▶ [STORED DATA]
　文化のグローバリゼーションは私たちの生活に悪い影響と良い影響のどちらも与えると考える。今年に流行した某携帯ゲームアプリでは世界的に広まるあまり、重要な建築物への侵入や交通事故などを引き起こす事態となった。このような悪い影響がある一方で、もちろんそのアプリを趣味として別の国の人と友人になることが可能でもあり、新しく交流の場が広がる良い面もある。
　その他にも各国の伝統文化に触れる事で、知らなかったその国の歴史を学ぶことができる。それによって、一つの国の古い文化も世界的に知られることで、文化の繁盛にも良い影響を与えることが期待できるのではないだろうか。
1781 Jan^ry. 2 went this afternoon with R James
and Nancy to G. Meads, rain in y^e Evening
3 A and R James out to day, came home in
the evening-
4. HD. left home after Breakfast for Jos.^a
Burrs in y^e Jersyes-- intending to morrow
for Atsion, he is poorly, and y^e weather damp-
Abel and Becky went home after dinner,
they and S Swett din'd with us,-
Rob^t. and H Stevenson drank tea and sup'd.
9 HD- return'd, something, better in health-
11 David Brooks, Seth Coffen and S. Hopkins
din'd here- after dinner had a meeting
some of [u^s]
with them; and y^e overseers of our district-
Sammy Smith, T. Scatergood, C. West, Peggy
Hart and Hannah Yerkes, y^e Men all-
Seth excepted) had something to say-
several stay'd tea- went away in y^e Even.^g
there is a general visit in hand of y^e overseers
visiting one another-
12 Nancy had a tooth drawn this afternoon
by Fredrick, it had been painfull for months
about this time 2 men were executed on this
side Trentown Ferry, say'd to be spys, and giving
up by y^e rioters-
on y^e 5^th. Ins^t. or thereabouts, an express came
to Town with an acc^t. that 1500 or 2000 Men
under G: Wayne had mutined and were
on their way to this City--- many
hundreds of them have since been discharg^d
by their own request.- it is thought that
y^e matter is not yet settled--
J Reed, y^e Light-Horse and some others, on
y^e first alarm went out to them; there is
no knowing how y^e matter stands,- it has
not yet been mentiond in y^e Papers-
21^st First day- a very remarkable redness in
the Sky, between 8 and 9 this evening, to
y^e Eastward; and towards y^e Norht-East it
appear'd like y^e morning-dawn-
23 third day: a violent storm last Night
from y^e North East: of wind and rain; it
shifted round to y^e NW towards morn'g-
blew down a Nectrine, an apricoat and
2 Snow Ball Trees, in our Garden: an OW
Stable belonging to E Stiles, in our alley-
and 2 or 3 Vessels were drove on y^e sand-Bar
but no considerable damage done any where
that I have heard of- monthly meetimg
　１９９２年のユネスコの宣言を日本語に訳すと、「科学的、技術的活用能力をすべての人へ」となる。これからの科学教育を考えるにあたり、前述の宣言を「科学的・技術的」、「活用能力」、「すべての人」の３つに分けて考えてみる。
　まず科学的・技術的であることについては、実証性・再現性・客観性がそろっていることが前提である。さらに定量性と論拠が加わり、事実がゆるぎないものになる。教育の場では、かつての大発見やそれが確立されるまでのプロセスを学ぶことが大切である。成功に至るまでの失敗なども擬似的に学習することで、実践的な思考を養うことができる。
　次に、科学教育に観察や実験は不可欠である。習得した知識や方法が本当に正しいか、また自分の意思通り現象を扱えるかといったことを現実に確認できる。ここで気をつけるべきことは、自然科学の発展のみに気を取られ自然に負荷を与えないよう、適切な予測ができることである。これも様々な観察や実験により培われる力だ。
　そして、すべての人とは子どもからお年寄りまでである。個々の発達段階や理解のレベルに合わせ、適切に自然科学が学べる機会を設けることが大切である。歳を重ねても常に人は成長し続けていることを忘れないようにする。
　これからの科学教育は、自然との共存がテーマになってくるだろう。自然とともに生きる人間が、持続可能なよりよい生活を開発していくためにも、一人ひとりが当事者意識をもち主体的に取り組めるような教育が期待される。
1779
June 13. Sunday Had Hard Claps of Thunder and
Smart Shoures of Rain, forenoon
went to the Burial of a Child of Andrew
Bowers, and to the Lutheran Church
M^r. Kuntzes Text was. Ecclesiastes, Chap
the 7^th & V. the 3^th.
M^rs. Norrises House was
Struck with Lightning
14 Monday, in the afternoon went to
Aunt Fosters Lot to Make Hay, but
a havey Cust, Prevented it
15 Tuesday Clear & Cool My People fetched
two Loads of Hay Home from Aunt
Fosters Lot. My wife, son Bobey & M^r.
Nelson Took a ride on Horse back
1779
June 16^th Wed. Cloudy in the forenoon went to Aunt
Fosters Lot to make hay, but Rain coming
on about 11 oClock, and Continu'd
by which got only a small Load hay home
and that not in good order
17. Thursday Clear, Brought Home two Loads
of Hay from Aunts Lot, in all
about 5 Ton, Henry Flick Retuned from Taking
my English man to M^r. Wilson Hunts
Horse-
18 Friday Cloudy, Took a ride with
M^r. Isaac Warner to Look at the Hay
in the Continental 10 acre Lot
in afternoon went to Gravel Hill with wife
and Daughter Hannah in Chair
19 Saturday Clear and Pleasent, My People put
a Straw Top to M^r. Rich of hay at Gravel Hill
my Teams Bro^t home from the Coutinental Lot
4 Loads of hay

▶ [WHAT YOU ARE ASKED TO DO] All that is wanted is a faithful reproduction of the line above with "several stay'd tea- went away in y^e Even.^g", the line with "about this time 2 men were executed on this", and every line in between.

▶ [EXERCISE ANSWER]
several stay'd tea- went away in y^e Even.^g
there is a general visit in hand of y^e overseers
visiting one another-
12 Nancy had a tooth drawn this afternoon
by Fredrick, it had been painfull for months
about this time 2 men were executed on this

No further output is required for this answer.